*Task requirements:*
Look through the records that follow. Copy every line containing the word "enable".

---- Exercise data

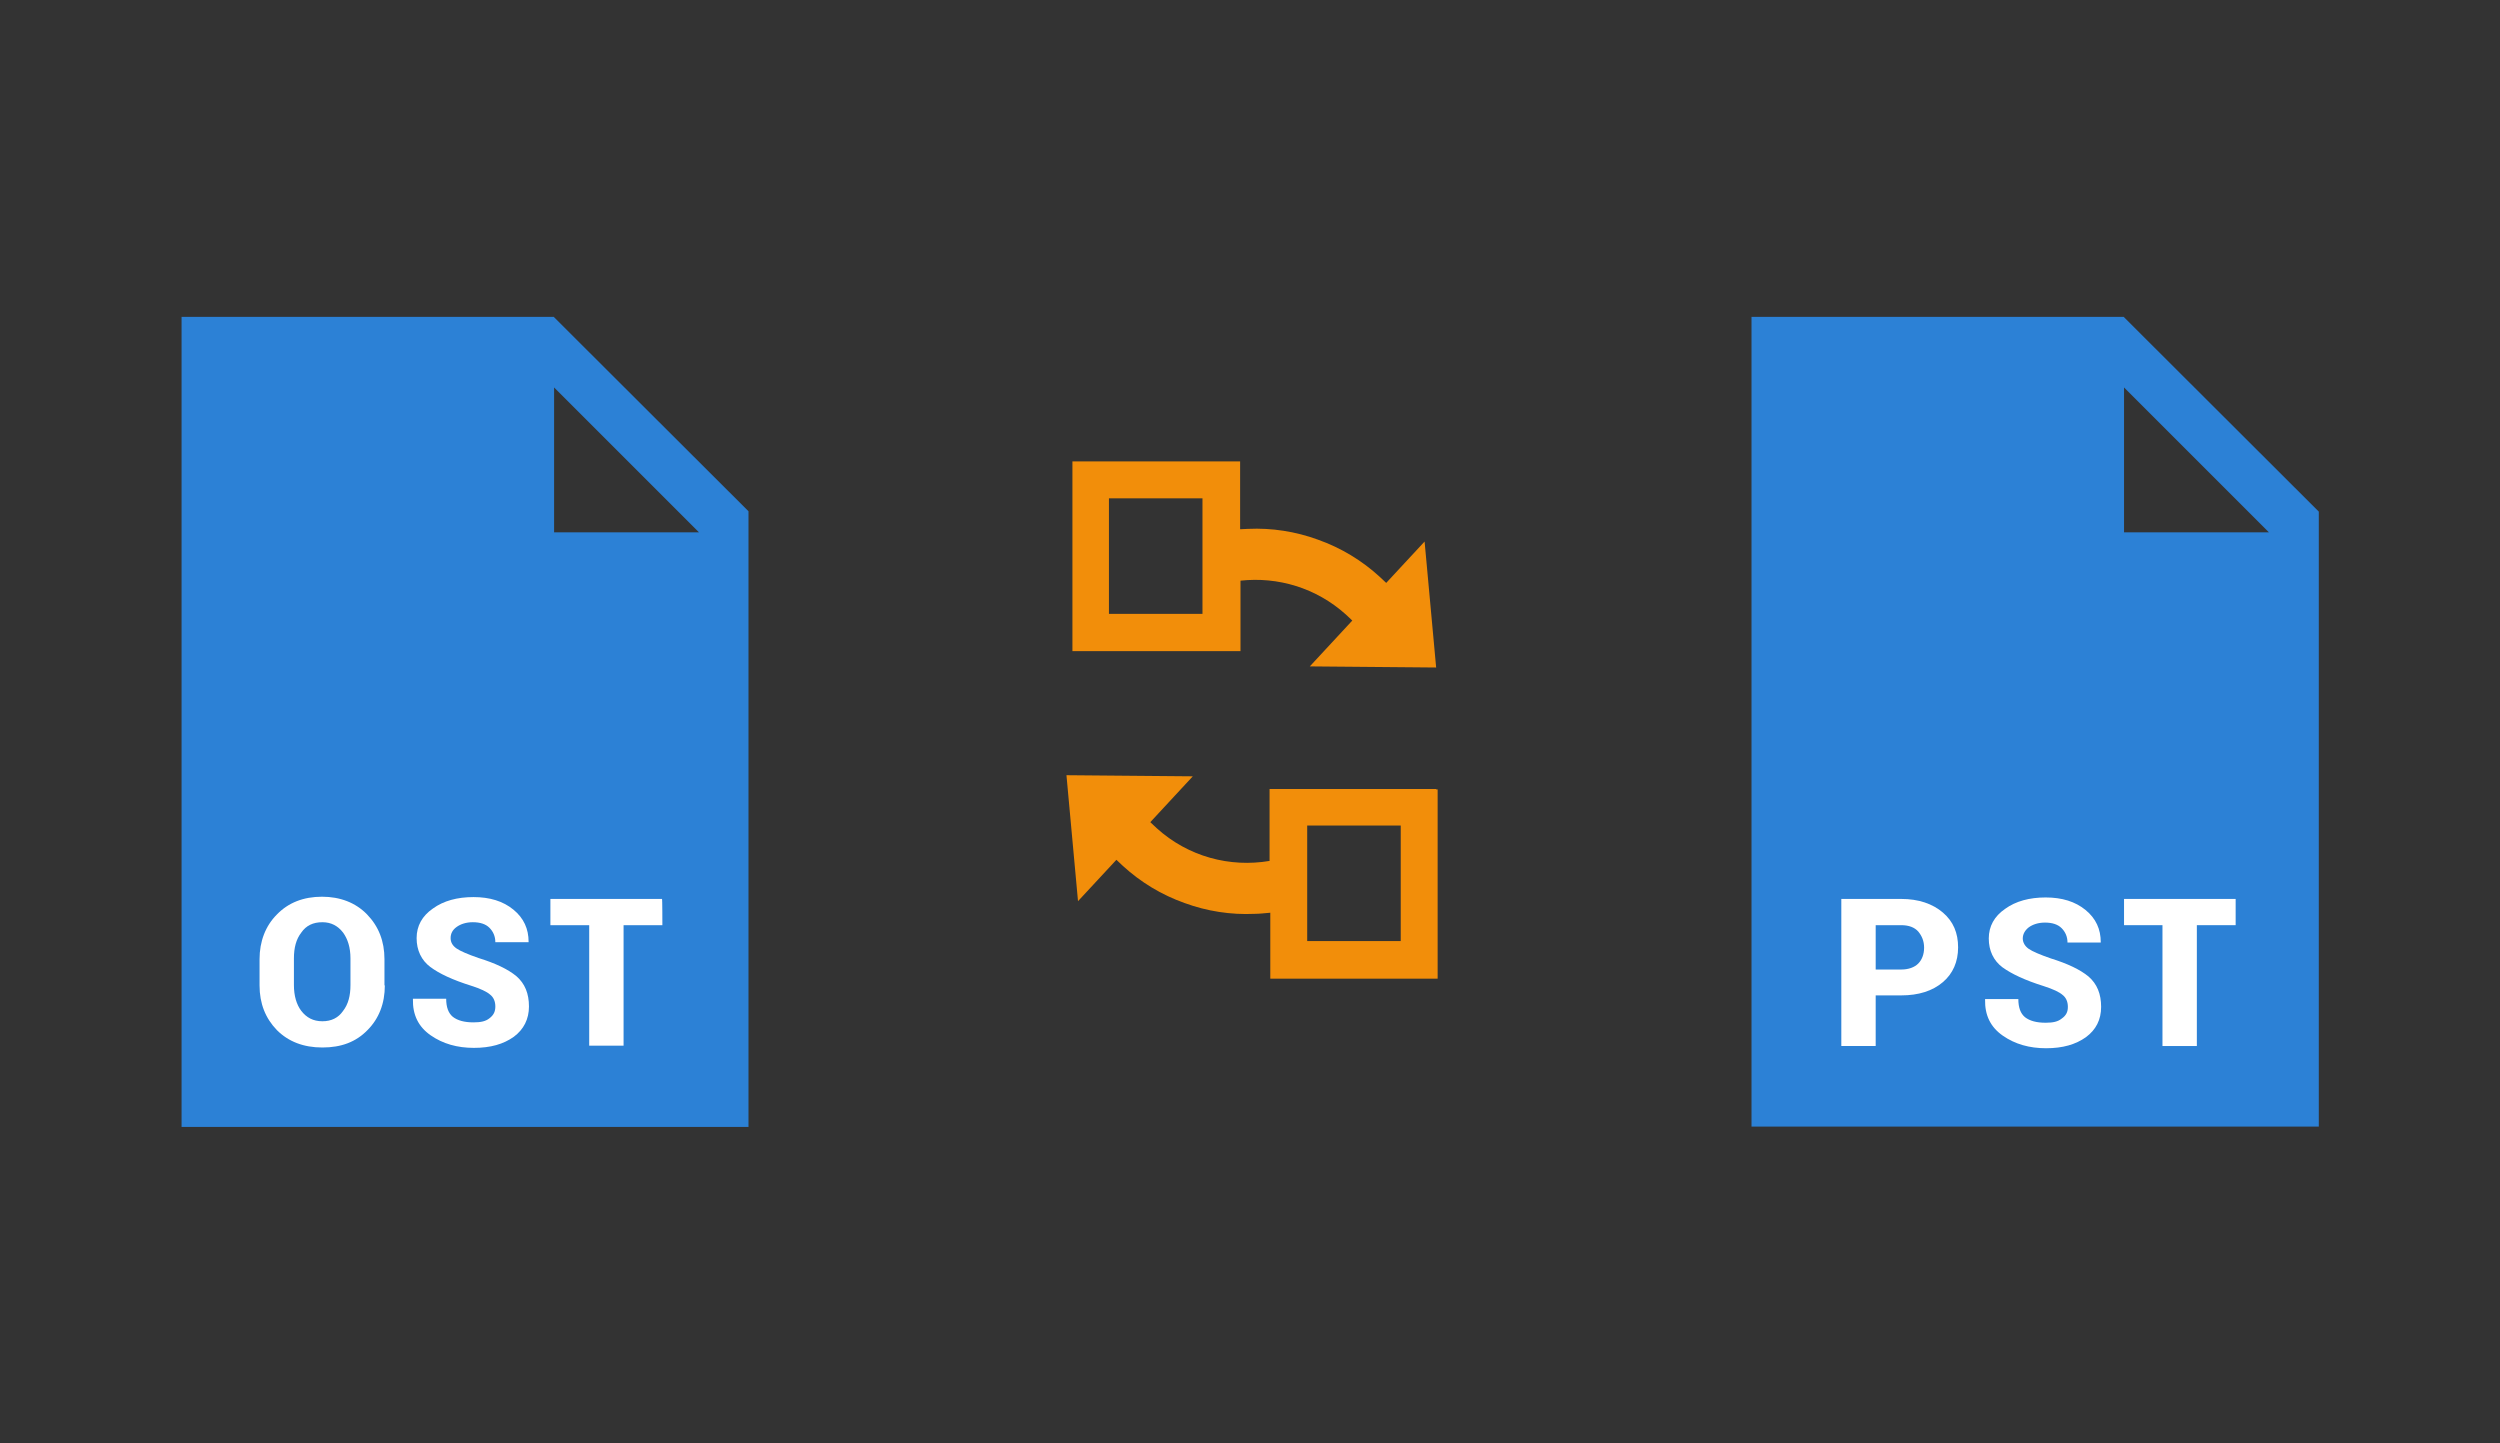 ﻿<?xml version="1.0" encoding="utf-8"?>
<!DOCTYPE svg PUBLIC "-//W3C//DTD SVG 1.1//EN" "http://www.w3.org/Graphics/SVG/1.1/DTD/svg11.dtd">
<svg x="0" y="0" width="672" height="388" xml="http://www.w3.org/XML/1998/namespace" xmlns="http://www.w3.org/2000/svg" xmlns:xlink="http://www.w3.org/1999/xlink" xmlns:xml="http://www.w3.org/XML/1998/namespace" version="1.1">
  <rect width="100%" height="100%" fill="#333333" stroke="none"/>
  <svg x="422" y="66" width="250" height="256" viewBox="0, 0, 249.8, 257.7" xml:space="preserve" id="Layer_1" enable-background="new 0 0 249.8 257.7" xmlns="http://www.w3.org/2000/svg" xmlns:xlink="http://www.w3.org/1999/xlink" xmlns:xml="http://www.w3.org/XML/1998/namespace" version="1.1">
    <g>
      <path d="M148.9 19.3 L48.2 19.3 L48.2 84.4 L48.2 90.9 L48.2 171.6 L48.2 174.8 L48.2 238.4 L201.7 238.4 L201.7 72 L148.9 19.3 z M149 77.6 L149 38.4 L188.2 77.6 L149 77.6 z" style="fill:#2C81D6;" />
      <path d="M81.8 202.9 L81.8 216.6 L72.5 216.6 L72.5 176.8 L88.7 176.8 C93.4 176.8 97.2 178.1 100 180.5 C102.8 182.9 104.1 186 104.1 189.9 C104.1 193.8 102.7 197 100 199.3 C97.2 201.7 93.4 202.9 88.7 202.9 L81.8 202.9 L81.8 202.9 z M81.8 195.9 L88.7 195.9 C90.7 195.9 92.3 195.3 93.3 194.3 C94.3 193.3 94.9 191.8 94.9 190 C94.9 188.2 94.3 186.8 93.3 185.6 C92.3 184.5 90.8 183.9 88.7 183.9 L81.8 183.9 L81.8 195.9 z" style="fill:white;" />
      <path d="M133.8 206 C133.8 204.6 133.3 203.5 132.4 202.8 C131.5 202 129.8 201.2 127.3 200.4 C122.2 198.8 118.6 197.1 116.1 195.3 C113.7 193.5 112.4 190.8 112.4 187.5 C112.4 184.2 113.9 181.5 116.8 179.5 C119.7 177.4 123.4 176.4 127.8 176.4 C132.2 176.4 135.8 177.5 138.6 179.8 C141.4 182.1 142.7 185 142.7 188.5 L142.7 188.6 L133.7 188.6 C133.7 187 133.1 185.7 132.1 184.7 C131.1 183.7 129.6 183.2 127.6 183.2 C125.8 183.2 124.3 183.7 123.2 184.5 C122.2 185.3 121.6 186.3 121.6 187.5 C121.6 188.6 122.2 189.6 123.2 190.3 C124.2 191 126.3 191.9 129.2 192.9 C133.7 194.3 137.1 195.9 139.4 197.8 C141.7 199.8 142.8 202.5 142.8 206 C142.8 209.5 141.4 212.2 138.7 214.2 C135.9 216.2 132.4 217.2 127.9 217.2 C123.4 217.2 119.5 216.1 116.2 213.8 C112.9 211.5 111.3 208.3 111.4 204 L111.4 203.9 L120.4 203.9 C120.4 206.2 121 207.8 122.2 208.8 C123.5 209.8 125.3 210.3 127.8 210.3 C129.8 210.3 131.1 210 132.1 209.2 C133.4 208.3 133.8 207.3 133.8 206 z" style="fill:white;" />
      <path d="M179.2 183.9 L168.7 183.9 L168.7 216.6 L159.4 216.6 L159.4 183.9 L149 183.9 L149 176.8 L179.2 176.8 L179.2 183.9 L179.2 183.9 z" style="fill:white;" />
    </g>
  </svg>
  <svg x="250" y="107" width="173" height="173" viewBox="0, 0, 172.7, 172.7" xml:space="preserve" id="Layer_1#1" enable-background="new 0 0 172.7 172.7" xmlns="http://www.w3.org/2000/svg" xmlns:xlink="http://www.w3.org/1999/xlink" xmlns:xml="http://www.w3.org/XML/1998/namespace" version="1.1">
    <g>
      <path d="M83.3 49 C93.3 47.9 103.6 50.9 111.6 58.1 L113.3 59.7 L101.9 72 L135.8 72.3 L132.7 38.5 L122.4 49.6 L120.7 48 C115.9 43.6 110.3 40.2 104.1 38 C98.1 35.8 91.7 34.8 85.3 35.1 C84.6 35.1 83.9 35.2 83.2 35.2 L83.2 30.7 C83.2 30.7 83.2 30.7 83.2 30.7 L83.2 17 L82.8 17 L74.1 17 L46.9 17 L38.2 17 L38.2 25.7 L38.2 59 L38.2 67.6 L38.2 67.9 L83.3 67.9 L83.3 49 z M73.1 57.9 L48 57.9 L48 26.9 L73.1 26.9 L73.1 57.9 z" style="fill:#F28E0A;" />
      <path d="M135.8 104.9 L128 104.9 C127.7 104.9 127.4 104.9 127.1 104.9 L99.8 104.9 C99.5 104.9 99.2 104.9 98.9 104.9 L91.1 104.9 L91.1 124.2 C80.5 126 69.3 123.1 60.8 115.4 L59.1 113.8 L70.5 101.5 L36.6 101.2 L39.7 135 L50 123.9 L51.7 125.5 C56.5 129.9 62.1 133.3 68.3 135.5 C74.3 137.7 80.7 138.7 87.1 138.4 C88.5 138.4 89.9 138.2 91.3 138.1 L91.3 155.8 L100 155.8 L127 155.8 L136.2 155.8 L136.2 105 L135.8 105 z M126.3 145.7 L101.2 145.7 L101.2 114.7 L126.3 114.7 L126.3 145.7 z" style="fill:#F28E0A;" />
    </g>
  </svg>
  <svg x="0" y="66" width="250" height="256" viewBox="0, 0, 249.8, 257.7" xml:space="preserve" id="Layer_1#2" enable-background="new 0 0 249.8 257.7" xmlns="http://www.w3.org/2000/svg" xmlns:xlink="http://www.w3.org/1999/xlink" xmlns:xml="http://www.w3.org/XML/1998/namespace" version="1.1">
    <g>
      <path d="M148.9 19.3 L48.2 19.3 L48.2 238.5 L201.6 238.5 L201.6 71.9 L148.9 19.3 z M149 77.6 L149 38.4 L188.2 77.6 L149 77.6 z" style="fill:#2C81D6;" />
      <path d="M103.2 200.2 C103.2 205.1 101.6 209.2 98.5 212.3 C95.4 215.5 91.4 217 86.3 217 C81.2 217 77.1 215.4 74 212.3 C70.9 209.1 69.3 205.1 69.3 200.2 L69.3 193.1 C69.3 188.3 70.9 184.1 74 181 C77.1 177.8 81.2 176.2 86.2 176.2 C91.1 176.2 95.3 177.8 98.4 181 C101.5 184.2 103.1 188.2 103.1 193.1 L103.1 200.2 L103.2 200.2 z M93.9 192.9 C93.9 190 93.2 187.7 91.9 185.9 C90.5 184.1 88.7 183.1 86.3 183.1 C83.8 183.1 81.9 184 80.6 185.9 C79.2 187.7 78.6 190 78.6 192.9 L78.6 200.1 C78.6 203 79.3 205.4 80.6 207.1 C82 208.9 83.8 209.9 86.3 209.9 C88.7 209.9 90.6 209 91.9 207.1 C93.3 205.3 93.9 203 93.9 200.1 L93.9 192.9 z" style="fill:white;" />
      <path d="M133.1 205.9 C133.1 204.5 132.6 203.4 131.7 202.7 C130.8 201.9 129.1 201.1 126.6 200.3 C121.5 198.7 117.9 197 115.5 195.2 C113.1 193.4 111.8 190.7 111.8 187.4 C111.8 184.1 113.3 181.4 116.2 179.4 C119.1 177.3 122.8 176.3 127.2 176.3 C131.6 176.3 135.2 177.4 138 179.7 C140.8 182 142.1 184.9 142.1 188.4 L142.1 188.5 L133.1 188.5 C133.1 186.9 132.5 185.6 131.5 184.6 C130.5 183.6 129 183.1 127 183.1 C125.2 183.1 123.7 183.6 122.6 184.4 C121.5 185.2 121 186.2 121 187.4 C121 188.6 121.6 189.5 122.6 190.2 C123.6 190.9 125.7 191.8 128.6 192.8 C133.1 194.2 136.5 195.8 138.8 197.7 C141.1 199.7 142.2 202.4 142.2 205.9 C142.2 209.3 140.8 212.1 138.1 214.1 C135.3 216.1 131.8 217.1 127.3 217.1 C122.8 217.1 118.9 216 115.6 213.7 C112.3 211.4 110.7 208.2 110.8 203.9 L110.8 203.8 L119.8 203.8 C119.8 206.1 120.4 207.7 121.6 208.7 C122.9 209.7 124.7 210.2 127.2 210.2 C129.2 210.2 130.5 209.9 131.5 209.1 C132.7 208.2 133.1 207.2 133.1 205.9 z" style="fill:white;" />
      <path d="M178.3 183.9 L167.8 183.9 L167.8 216.5 L158.5 216.5 L158.5 183.9 L148 183.9 L148 176.8 L178.2 176.8 C178.3 176.7 178.3 183.9 178.3 183.9 z" style="fill:white;" />
    </g>
  </svg>
</svg>

--------

*Result of this task:*
  <svg x="422" y="66" width="250" height="256" viewBox="0, 0, 249.8, 257.7" xml:space="preserve" id="Layer_1" enable-background="new 0 0 249.8 257.7" xmlns="http://www.w3.org/2000/svg" xmlns:xlink="http://www.w3.org/1999/xlink" xmlns:xml="http://www.w3.org/XML/1998/namespace" version="1.1">
  <svg x="250" y="107" width="173" height="173" viewBox="0, 0, 172.7, 172.7" xml:space="preserve" id="Layer_1#1" enable-background="new 0 0 172.7 172.7" xmlns="http://www.w3.org/2000/svg" xmlns:xlink="http://www.w3.org/1999/xlink" xmlns:xml="http://www.w3.org/XML/1998/namespace" version="1.1">
  <svg x="0" y="66" width="250" height="256" viewBox="0, 0, 249.8, 257.7" xml:space="preserve" id="Layer_1#2" enable-background="new 0 0 249.8 257.7" xmlns="http://www.w3.org/2000/svg" xmlns:xlink="http://www.w3.org/1999/xlink" xmlns:xml="http://www.w3.org/XML/1998/namespace" version="1.1">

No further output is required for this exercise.